他們身邊站著幾個端著紅酒杯說笑的法國美女,時不時將視線掃過來,有搔首弄姿的嫌疑。韓浩東貼過來問鄭博年:“她們說什么?”
鄭博年在韓浩東側臉上啄了下:“她們說你帥。”
韓浩東挑眉:“真的?”
鄭博年笑開了:“我什么時候騙過你?”
“很可能就是現在。”
鄭博年用頭撞了下韓浩東的頭:“說不過你。”
韓浩東嘴角帶著弧度視線回歸遠方,痞氣十足:“再相信你一回。

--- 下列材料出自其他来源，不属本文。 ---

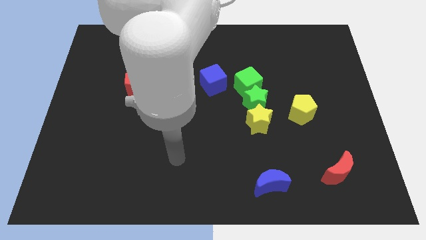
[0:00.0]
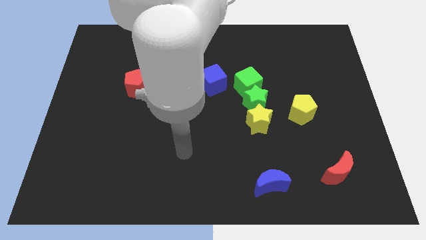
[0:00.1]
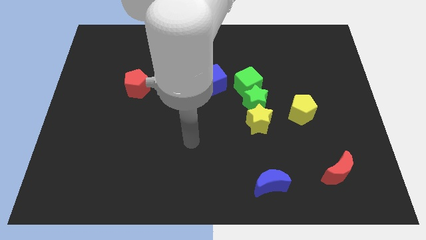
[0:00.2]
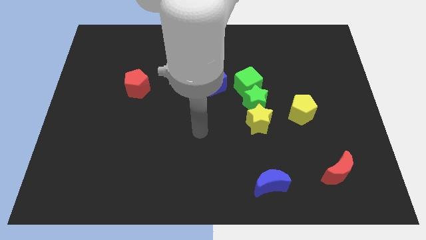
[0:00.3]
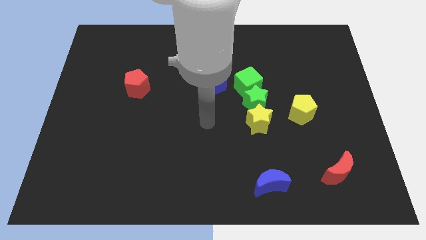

”
十點左右巴黎的天才開始黑,他們乘電梯上了埃菲爾鐵塔,才上到二層,巴黎夜景幾乎盡收眼底。高樓并不多,盡是充滿宗教氣息的建筑,看得到他們游過的長年川流不息的塞納河。
鄭博年望著遠處目光游離:“知道我為什么對巴黎這么熟悉么?”
“為什么。”
“因為我對這座城市做過太多功課,也來過太多次,只為了一個人。”
韓浩東聽了心里有些小驚訝,鄭博年何時有過這么哀傷的神情,他還是頭一次見過。
鄭博年繼而笑了,摟過韓浩東肩膀:“算了,以后再慢慢跟你說,看過了這么多景色,還缺一樣東西。”
韓浩東的注意力被牽了過來:“什么東西?”
鄭博年不由分說搬過身邊人的頭一個吻印了上來,最后變成長驅直入,吻得深情吻得分不開。
埃菲爾鐵塔的點綴燈光輕閃,玻璃窗上是兩個人擁吻的剪影。
韓浩東顧忌附近目光,掙了出來:“這算什么?”
“法式舌吻啊,”鄭博年笑出了聲,“你過于僵硬害得我沒發揮好。”
韓浩東哼道:“是你太突然,我沒準備好。”
“那再來一遍。”
“起開,回去了,”韓浩東抬腳走人,“我出來整一天了,李姐知道我是出來玩非罵死我。”
鄭博年的酒店和韓浩東的是同一個,為防止多余事端,他們回去后便各自分開,仿佛剛剛在埃菲爾鐵塔上親吻的不是他們。
那天之后兩人便各自忙各自的了,偶爾公眾場合碰面便是點頭之交。
這天晚場走秀有韓浩東的臨場,他坐在臺下看了一晚上走秀,起身時腿都要麻了。
史峰扶著他起身,他緩了會兒腿才靈活走路,回到酒店進了大廳后本想去等電梯,卻被電梯側面走廊站著的兩人吸引了全部視線。
他們像是在說著什么,離得遠外加酒店大廳嘈雜,韓浩東沒聽清。他愣在原地,微微瞇著眼看著,直到那兩個男人一路說著什么走出來,前面那個腳步不停,卻還是被后面那個從后面抱住并轉過身子吻在了唇上。
鄭博年扭開頭拿開腰間環著他的手的同時抬頭就看到了一身時尚禮服的韓浩東。
韓浩東在鄭博年追過來時果斷和史峰進了電梯,鄭博年沒能來得及趕上這趟電梯,被隔在了外面,而韓浩東在電梯門合上的那短短幾秒鐘卻看清了吻鄭博年的人,是個著名法國模特,各大周刊都能看得到的一張臉。
韓浩東不知為何心里特別不舒服。史峰一言不發地站在他旁邊,電梯里還有他的貼身攝影師小戴和一個造型師,外加兩個陌生外國游客。明明一點兒都不擁擠他卻有點兒喘不上來氣,煩躁地將領口的蝴蝶結扯下來攥在手里。
伴隨著提示音的響起,韓浩東走出電梯,耳邊回響著那天晚上鄭博年的話,那人說之所以對巴黎熟悉是為了一個人。
韓浩東哼笑一聲,筆挺西褲在長腿的回彎間褶皺,昏暗酒店走廊避燈打在他的側臉。他緊緊咬了下嘴唇,去他媽的愛情。